◆ Stored records ◆
- - - -

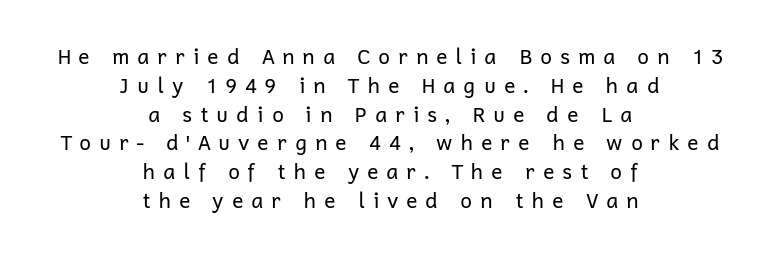
Q: Is the text bold? A: No.
Q: Is the text italic (slanted)? A: No, it is upright.
Q: Is the text underlined? A: No.
Q: How is the paragraph aligned? A: Centered.
Q: Is the spacing between letters normal or unusually wide? A: Unusually wide.
Q: Is the spacing between lines tight, normal or loose? A: Normal.
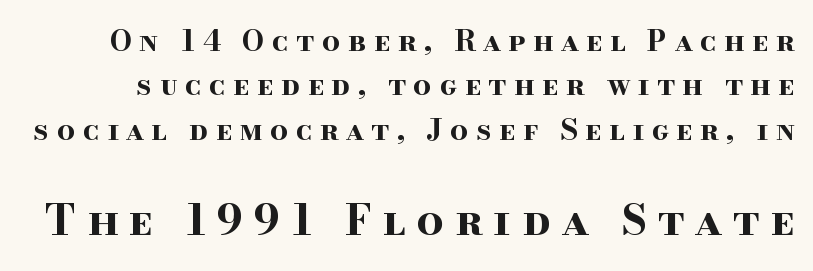
{"serif": "yes", "italic": "no", "bold": "yes", "weight": "bold", "width": "wide", "stroke_contrast": "high", "x_height": "small", "monospaced": "no", "underline": "no", "line_spacing": "normal", "line_spacing_ratio": 1.53, "letter_spacing": "wide", "letter_spacing_em": 0.25, "larger_block": "second", "size_ratio": 1.48, "glyph_px": 43}
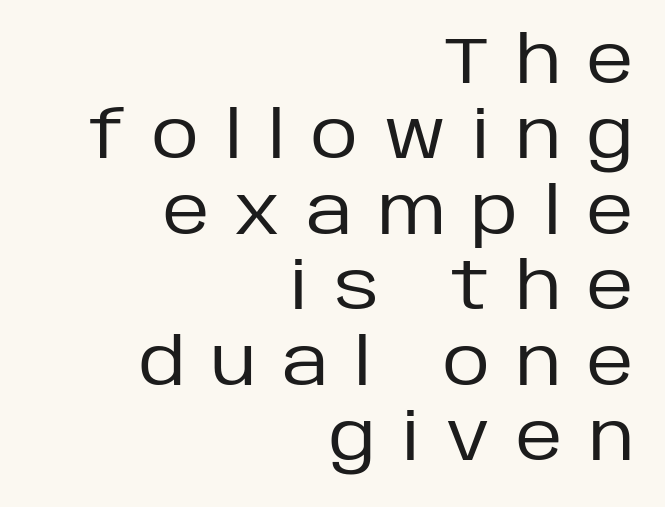
Q: Is the text bold? A: No.
Q: Is the text italic (slanted)? A: No, it is upright.
Q: Is the typeface a serif or a sans-serif typeface? A: Sans-serif.
Q: Is the text underlined? A: No.
Q: How is the paragraph aligned? A: Right-aligned.
Q: Is the spacing between letters normal or unusually wide? A: Unusually wide.
Q: Width (condensed, normal, or wide)? A: Normal.
Q: Stroke contrast? A: Low.
Q: x-height? A: Large.
Q: Monospaced? A: No.
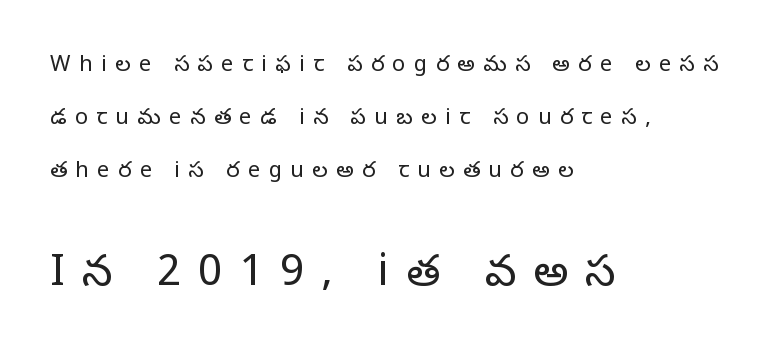
Q: Is the text bold? A: No.
Q: Is the text italic (slanted)? A: No, it is upright.
Q: Is the typeface a serif or a sans-serif typeface? A: Serif.
Q: Is the text underlined? A: No.
Q: How is the paragraph aligned? A: Left-aligned.
Q: Is the spacing between letters normal or unusually wide? A: Unusually wide.
Q: Is the spacing between lines tight, normal or loose? A: Loose.
Q: Which block of text is set in a larger size, the first (top) or the second (bottom)? A: The second (bottom) one.
Q: Width (condensed, normal, or wide)? A: Normal.
Q: Stroke contrast? A: Low.
Q: x-height? A: Large.
Q: Monospaced? A: No.
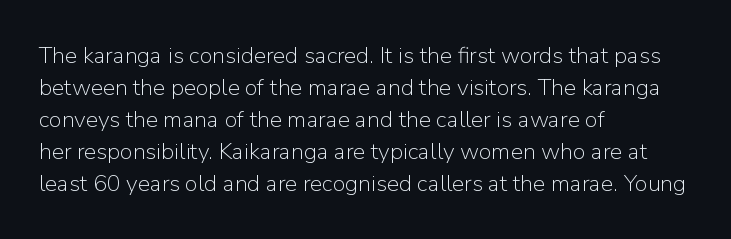
Caption: standard tracking, unaltered. Does the leading feel generous? No, just average. The lines are quadded left. Check the space under the baseline: it is left empty.
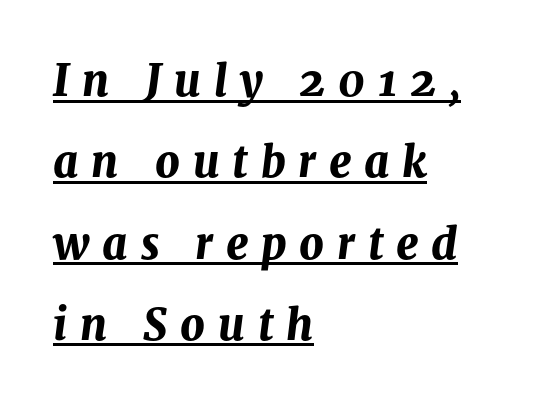
{"italic": "yes", "lean": "right", "slant_degrees": 8, "bold": "yes", "weight": "bold", "width": "normal", "stroke_contrast": "medium", "x_height": "medium", "monospaced": "no", "underline": "yes", "align": "left", "line_spacing_ratio": 1.89, "letter_spacing": "wide", "letter_spacing_em": 0.3, "glyph_px": 43}
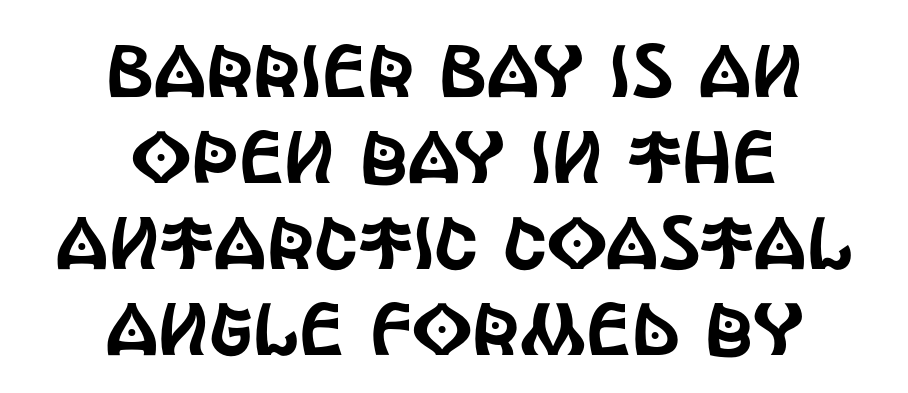
The words here are not underlined. Posture: straight, roman, zero tilt. Is this a fixed-width face? No — the glyphs have proportional, varying widths. Are there feet on the stems? There aren't — it's a sans.
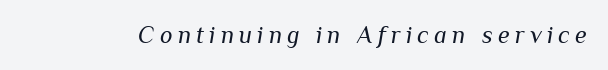
Q: Is the text bold? A: No.
Q: Is the text italic (slanted)? A: Yes, it leans right by about 10 degrees.
Q: Is the text underlined? A: No.
Q: Is the spacing between letters normal or unusually wide? A: Unusually wide.
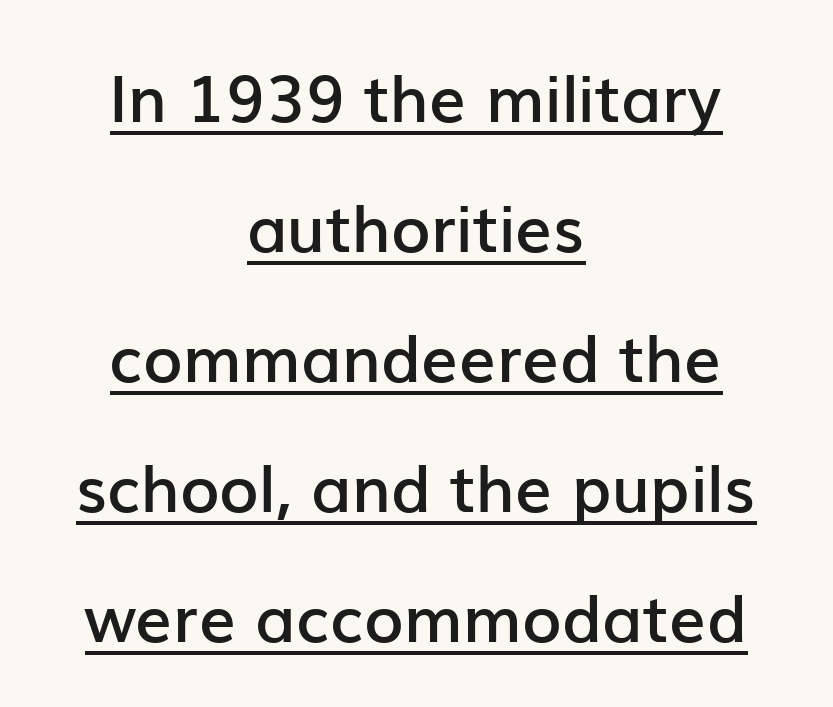
{"serif": "no", "italic": "no", "bold": "semi", "weight": "semibold", "width": "normal", "stroke_contrast": "low", "x_height": "medium", "monospaced": "no", "underline": "yes", "align": "center", "line_spacing": "loose", "line_spacing_ratio": 2.0, "letter_spacing": "normal", "letter_spacing_em": 0.0, "glyph_px": 65}
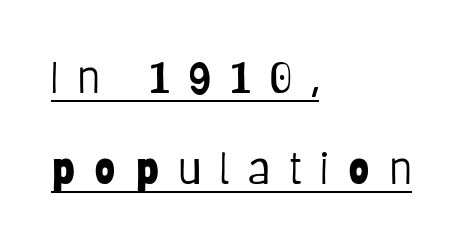
The image shows 43 px light, condensed sans-serif type, upright; set left-aligned, loose line spacing (2.12x), unusually wide letter spacing (+0.44 em), underlined; low stroke contrast and a large x-height.
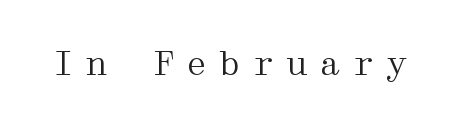
The font's upright variant was chosen for this text. The area under the type is left untouched. Compared with a typical body face, this is equally light or lighter still. The passage shown is typeset with a serif family. Each word looks stretched out because of the extra space between its letters.
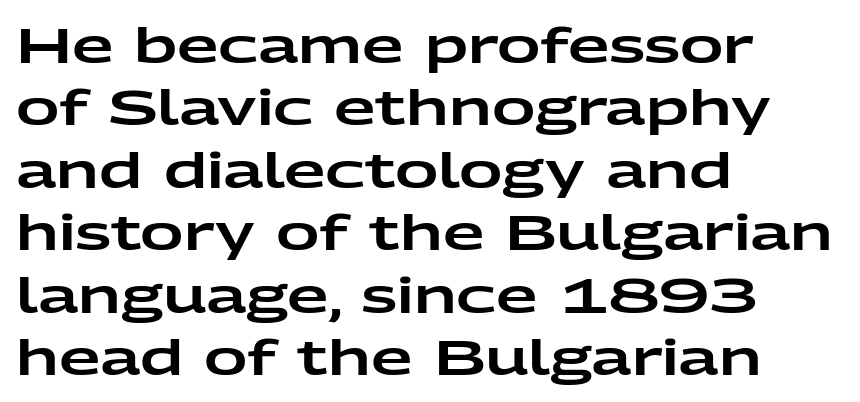
The image shows 48 px wide sans-serif type, upright; set left-aligned, normal line spacing (1.3x), normal letter spacing, not underlined; low stroke contrast and a medium x-height.
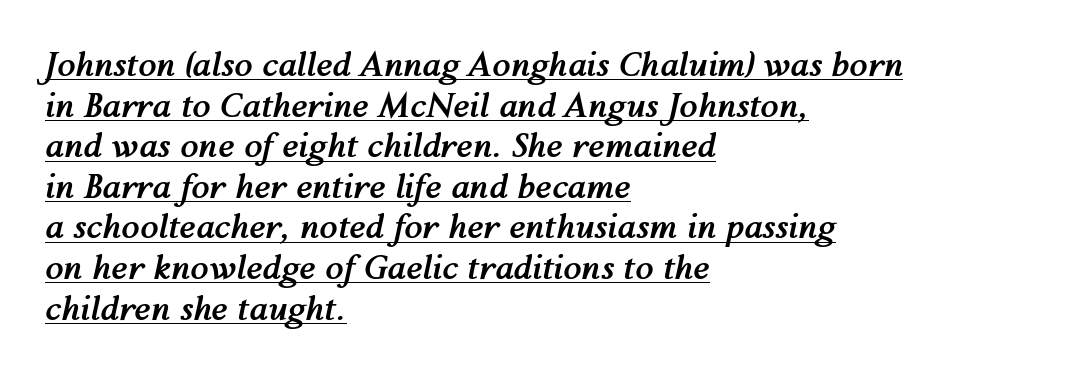
The image shows 33 px semibold type, italic (leaning right); set left-aligned, line spacing 1.23x, normal letter spacing, underlined; medium stroke contrast and a medium x-height.

- - - -

◆ Exercise prompt ◆
Write out the data once more exactly, omitting the pictures.

◆ Result for this task ◆
Q: Is the text bold? A: No.
Q: Is the text italic (slanted)? A: No, it is upright.
Q: Is the text underlined? A: No.
Q: How is the paragraph aligned? A: Centered.
Q: Is the spacing between letters normal or unusually wide? A: Unusually wide.
Q: Is the spacing between lines tight, normal or loose? A: Normal.
{"serif": "yes", "italic": "no", "bold": "yes", "weight": "bold", "width": "wide", "stroke_contrast": "high", "x_height": "small", "monospaced": "no", "underline": "no", "line_spacing": "normal", "line_spacing_ratio": 1.53, "letter_spacing": "wide", "letter_spacing_em": 0.25, "larger_block": "second", "size_ratio": 1.48, "glyph_px": 43}
Q: Is the text bold? A: No.
Q: Is the text italic (slanted)? A: No, it is upright.
Q: Is the typeface a serif or a sans-serif typeface? A: Sans-serif.
Q: Is the text underlined? A: No.
Q: How is the paragraph aligned? A: Right-aligned.
Q: Is the spacing between letters normal or unusually wide? A: Unusually wide.
Q: Width (condensed, normal, or wide)? A: Normal.
Q: Stroke contrast? A: Low.
Q: x-height? A: Large.
Q: Monospaced? A: No.
Q: Is the text bold? A: No.
Q: Is the text italic (slanted)? A: No, it is upright.
Q: Is the typeface a serif or a sans-serif typeface? A: Serif.
Q: Is the text underlined? A: No.
Q: How is the paragraph aligned? A: Left-aligned.
Q: Is the spacing between letters normal or unusually wide? A: Unusually wide.
Q: Is the spacing between lines tight, normal or loose? A: Loose.
Q: Which block of text is set in a larger size, the first (top) or the second (bottom)? A: The second (bottom) one.
Q: Width (condensed, normal, or wide)? A: Normal.
Q: Stroke contrast? A: Low.
Q: x-height? A: Large.
Q: Monospaced? A: No.
Caption: standard tracking, unaltered. Does the leading feel generous? No, just average. The lines are quadded left. Check the space under the baseline: it is left empty.
{"italic": "yes", "lean": "right", "slant_degrees": 8, "bold": "yes", "weight": "bold", "width": "normal", "stroke_contrast": "medium", "x_height": "medium", "monospaced": "no", "underline": "yes", "align": "left", "line_spacing_ratio": 1.89, "letter_spacing": "wide", "letter_spacing_em": 0.3, "glyph_px": 43}
The words here are not underlined. Posture: straight, roman, zero tilt. Is this a fixed-width face? No — the glyphs have proportional, varying widths. Are there feet on the stems? There aren't — it's a sans.
Q: Is the text bold? A: No.
Q: Is the text italic (slanted)? A: Yes, it leans right by about 10 degrees.
Q: Is the text underlined? A: No.
Q: Is the spacing between letters normal or unusually wide? A: Unusually wide.
{"serif": "no", "italic": "no", "bold": "semi", "weight": "semibold", "width": "normal", "stroke_contrast": "low", "x_height": "medium", "monospaced": "no", "underline": "yes", "align": "center", "line_spacing": "loose", "line_spacing_ratio": 2.0, "letter_spacing": "normal", "letter_spacing_em": 0.0, "glyph_px": 65}
The image shows 43 px light, condensed sans-serif type, upright; set left-aligned, loose line spacing (2.12x), unusually wide letter spacing (+0.44 em), underlined; low stroke contrast and a large x-height.
The font's upright variant was chosen for this text. The area under the type is left untouched. Compared with a typical body face, this is equally light or lighter still. The passage shown is typeset with a serif family. Each word looks stretched out because of the extra space between its letters.
The image shows 48 px wide sans-serif type, upright; set left-aligned, normal line spacing (1.3x), normal letter spacing, not underlined; low stroke contrast and a medium x-height.
The image shows 33 px semibold type, italic (leaning right); set left-aligned, line spacing 1.23x, normal letter spacing, underlined; medium stroke contrast and a medium x-height.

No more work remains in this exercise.